OpenAI claims that its new reasoning model has produced a unique mathematical proof that disproves geometry’s famous open conjecture, first posed by Paul Erdos in 1946.
If this sounds familiar, it’s because this isn’t the first time OpenAI has made such a bold claim. Seven months ago, Kevil Weil, former vice president of the AI giant, posted on X: “GPT-5 has found solutions to 10 (!) previously unsolved Erdos problems and has made progress on 11 other problems.”
As it turns out, GPT-5 didn’t actually solve these problems. I just found an existing solution that already exists in the literature.
Weil quickly withdrew his post prematurely following continued abuse from rivals including Yann LeCun and Google DeepMind CEO Demis Hassabis. At least today, it looks like OpenAI didn’t make the same mistake twice. Alongside this announcement, OpenAI released an accompanying comment supporting the disconfirmation by mathematicians Noga Aron, Melanie Wood, and Thomas Bloom, administrator of the Erdos Problem website, which previously called Weil’s post a “dramatic misrepresentation.”

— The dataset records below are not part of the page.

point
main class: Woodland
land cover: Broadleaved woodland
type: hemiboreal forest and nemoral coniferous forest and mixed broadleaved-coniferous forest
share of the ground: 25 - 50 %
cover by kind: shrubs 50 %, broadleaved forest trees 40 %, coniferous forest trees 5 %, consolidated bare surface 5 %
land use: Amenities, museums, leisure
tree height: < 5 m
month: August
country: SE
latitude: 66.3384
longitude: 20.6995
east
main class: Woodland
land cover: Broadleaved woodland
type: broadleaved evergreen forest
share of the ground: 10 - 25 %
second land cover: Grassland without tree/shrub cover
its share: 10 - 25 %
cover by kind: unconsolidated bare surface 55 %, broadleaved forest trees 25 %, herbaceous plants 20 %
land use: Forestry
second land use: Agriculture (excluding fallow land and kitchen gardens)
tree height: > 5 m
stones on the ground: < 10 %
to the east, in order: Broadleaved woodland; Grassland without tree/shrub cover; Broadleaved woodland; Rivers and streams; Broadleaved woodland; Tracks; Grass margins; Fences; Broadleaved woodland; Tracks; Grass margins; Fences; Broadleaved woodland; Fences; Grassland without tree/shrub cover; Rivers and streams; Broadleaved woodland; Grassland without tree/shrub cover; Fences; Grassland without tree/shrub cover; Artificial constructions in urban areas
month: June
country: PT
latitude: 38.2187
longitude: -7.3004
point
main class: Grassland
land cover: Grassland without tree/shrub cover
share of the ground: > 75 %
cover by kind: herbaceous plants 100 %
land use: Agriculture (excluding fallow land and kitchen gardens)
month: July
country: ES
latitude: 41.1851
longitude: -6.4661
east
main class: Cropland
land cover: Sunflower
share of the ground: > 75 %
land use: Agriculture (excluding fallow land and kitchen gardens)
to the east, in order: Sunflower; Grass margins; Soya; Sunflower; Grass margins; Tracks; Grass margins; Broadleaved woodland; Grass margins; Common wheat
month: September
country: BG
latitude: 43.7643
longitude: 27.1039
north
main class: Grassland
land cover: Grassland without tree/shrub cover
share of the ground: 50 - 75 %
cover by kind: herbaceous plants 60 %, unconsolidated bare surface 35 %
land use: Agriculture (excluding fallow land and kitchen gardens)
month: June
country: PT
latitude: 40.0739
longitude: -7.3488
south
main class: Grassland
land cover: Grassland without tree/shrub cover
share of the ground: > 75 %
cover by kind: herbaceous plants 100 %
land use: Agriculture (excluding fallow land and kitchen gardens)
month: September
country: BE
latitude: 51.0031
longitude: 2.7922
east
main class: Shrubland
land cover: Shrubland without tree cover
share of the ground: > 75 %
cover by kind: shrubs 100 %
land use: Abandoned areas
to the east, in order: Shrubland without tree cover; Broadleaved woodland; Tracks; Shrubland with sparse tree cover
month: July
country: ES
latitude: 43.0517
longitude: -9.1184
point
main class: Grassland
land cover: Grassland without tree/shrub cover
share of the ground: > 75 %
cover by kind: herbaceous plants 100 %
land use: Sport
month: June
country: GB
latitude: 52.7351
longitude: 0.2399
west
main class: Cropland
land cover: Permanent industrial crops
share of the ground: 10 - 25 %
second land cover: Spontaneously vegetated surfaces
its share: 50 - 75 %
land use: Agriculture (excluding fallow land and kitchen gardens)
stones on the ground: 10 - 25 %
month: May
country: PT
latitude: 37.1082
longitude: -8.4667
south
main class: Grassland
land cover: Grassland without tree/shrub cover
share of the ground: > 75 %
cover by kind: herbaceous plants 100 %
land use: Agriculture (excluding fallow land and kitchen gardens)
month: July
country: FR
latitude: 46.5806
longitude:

OpenAI posted on X, “For nearly 80 years, mathematicians have believed that the best possible solution resembles a roughly square lattice. OpenAI models have overturned that belief and discovered an entirely new set of structures that perform better.”
The company said this is “the first time that AI has autonomously solved a prominent unsolved problem at the heart of the field of mathematics.” OpenAI says the proof comes from a new general-purpose reasoning model, not a mathematical problem or a system specifically designed to solve this problem.
OpenAI says this is important because it means AI systems are now better able to hold long and difficult chains of inference and connect ideas across disciplines in ways that researchers have not previously explored. It affects biology, physics, engineering, and medicine.
“AI is helping us more fully explore the cathedral of mathematics that we have built over centuries,” Bloom said in a statement. “What other invisible wonders await in the wings?”